Pictures should be left out while the data beneath this task is written out word for word.

#### Supplied entries

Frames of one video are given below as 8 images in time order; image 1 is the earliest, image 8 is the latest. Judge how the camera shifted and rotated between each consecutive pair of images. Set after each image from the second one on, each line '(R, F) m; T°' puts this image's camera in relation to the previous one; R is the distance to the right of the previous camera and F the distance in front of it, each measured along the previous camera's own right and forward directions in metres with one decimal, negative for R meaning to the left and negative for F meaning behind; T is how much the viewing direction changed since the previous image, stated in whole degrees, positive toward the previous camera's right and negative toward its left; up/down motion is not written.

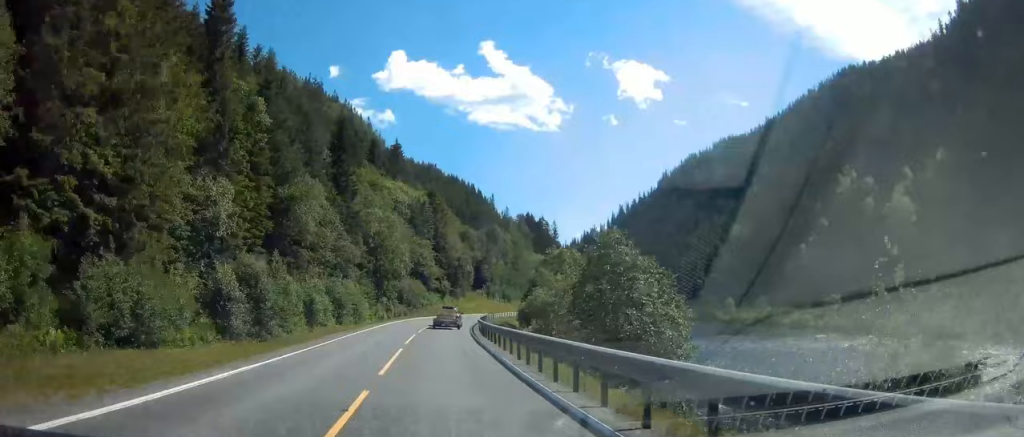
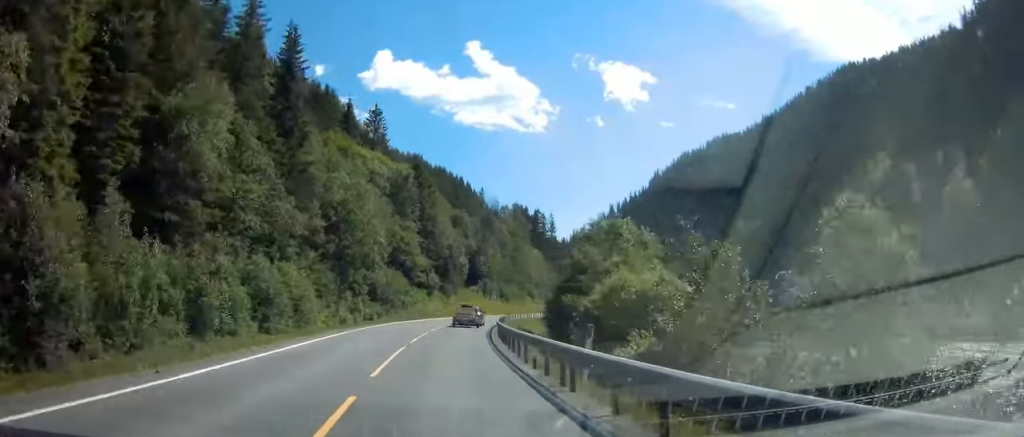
(0.0, +25.3) m; 0°
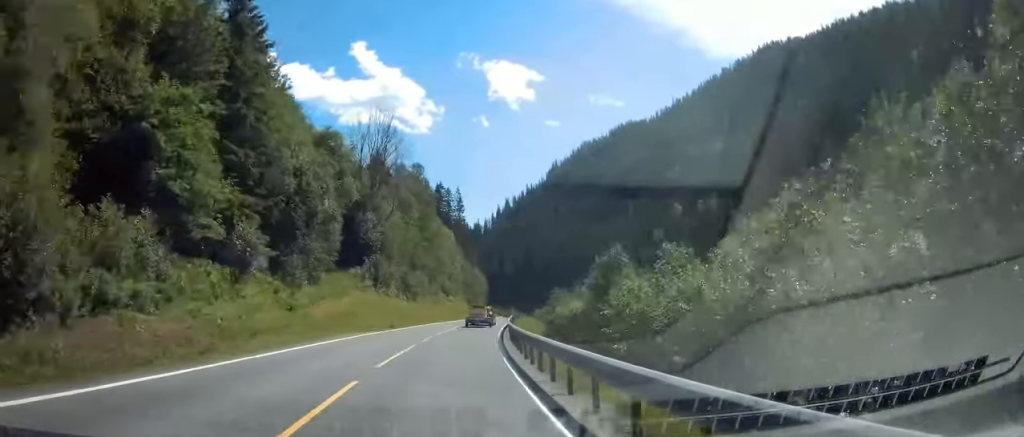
(+0.7, +56.0) m; +4°
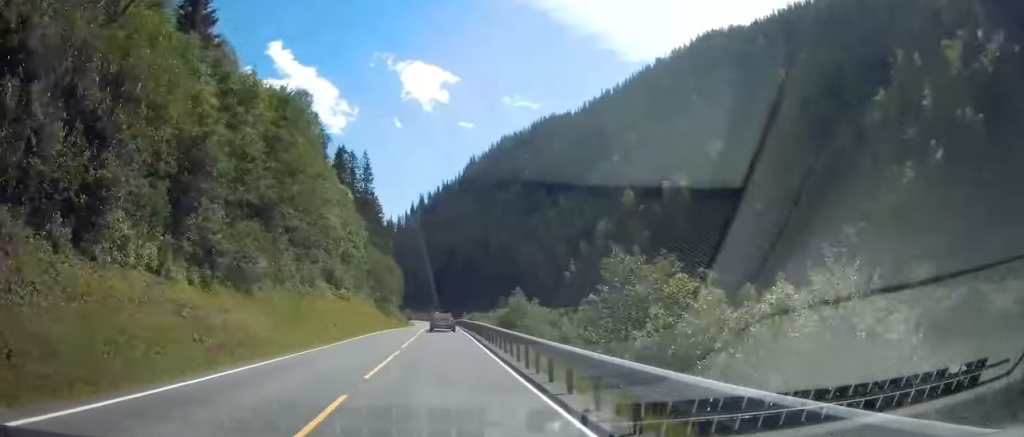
(+2.6, +47.9) m; +7°
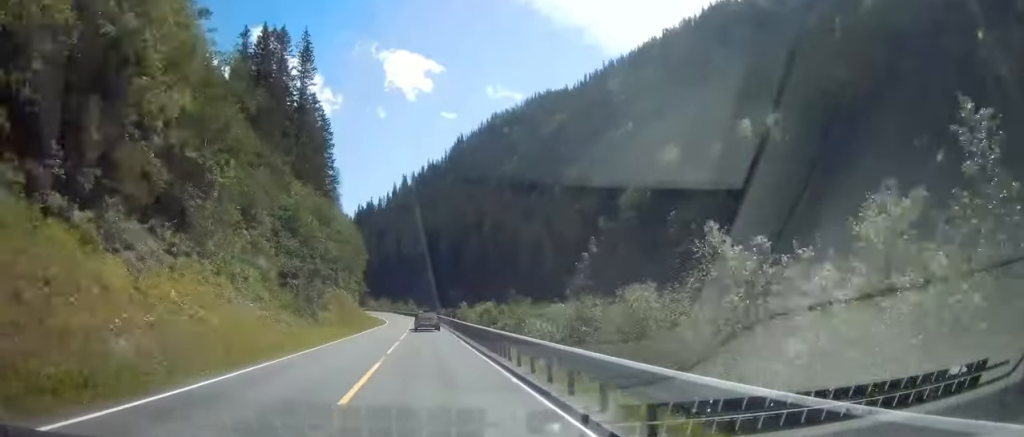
(+3.6, +63.1) m; +4°
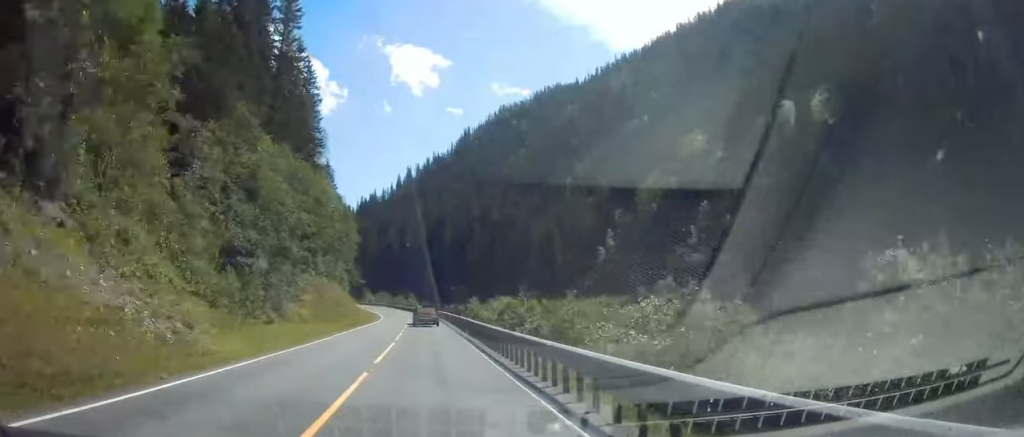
(-0.1, +17.6) m; 0°
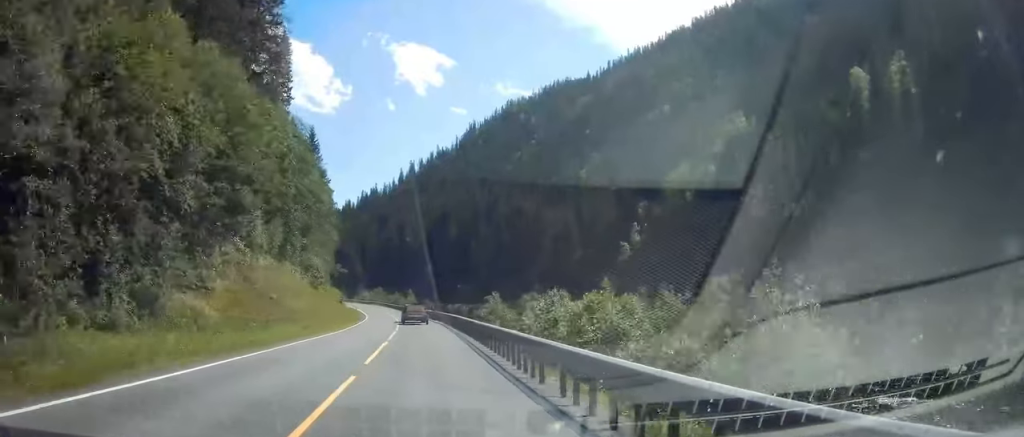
(+0.3, +26.2) m; 0°
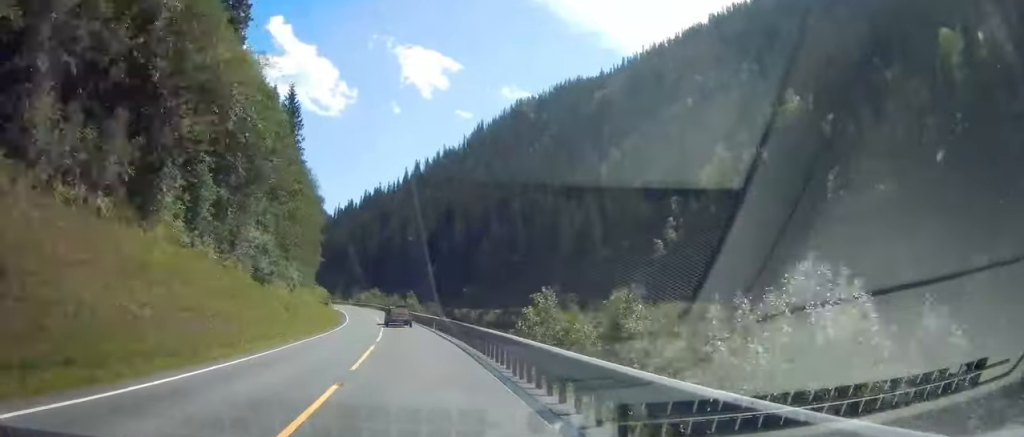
(+0.5, +26.3) m; -1°

########

Finished exercise:
Frames of one video are given below as 8 images in time order; image 1 is the earliest, image 8 is the latest. Judge how the camera shifted and rotated between each consecutive pair of images. Set after each image from the second one on, each line '(R, F) m; T°' puts this image's camera in relation to the previous one; R is the distance to the right of the previous camera and F the distance in front of it, each measured along the previous camera's own right and forward directions in metres with one decimal, negative for R meaning to the left and negative for F meaning behind; T is how much the viewing direction changed since the previous image, stated in whole degrees, positive toward the previous camera's right and negative toward its left; up/down motion is not written.

(0.0, +25.3) m; 0°
(+0.7, +56.0) m; +4°
(+2.6, +47.9) m; +7°
(+3.6, +63.1) m; +4°
(-0.1, +17.6) m; 0°
(+0.3, +26.2) m; 0°
(+0.5, +26.3) m; -1°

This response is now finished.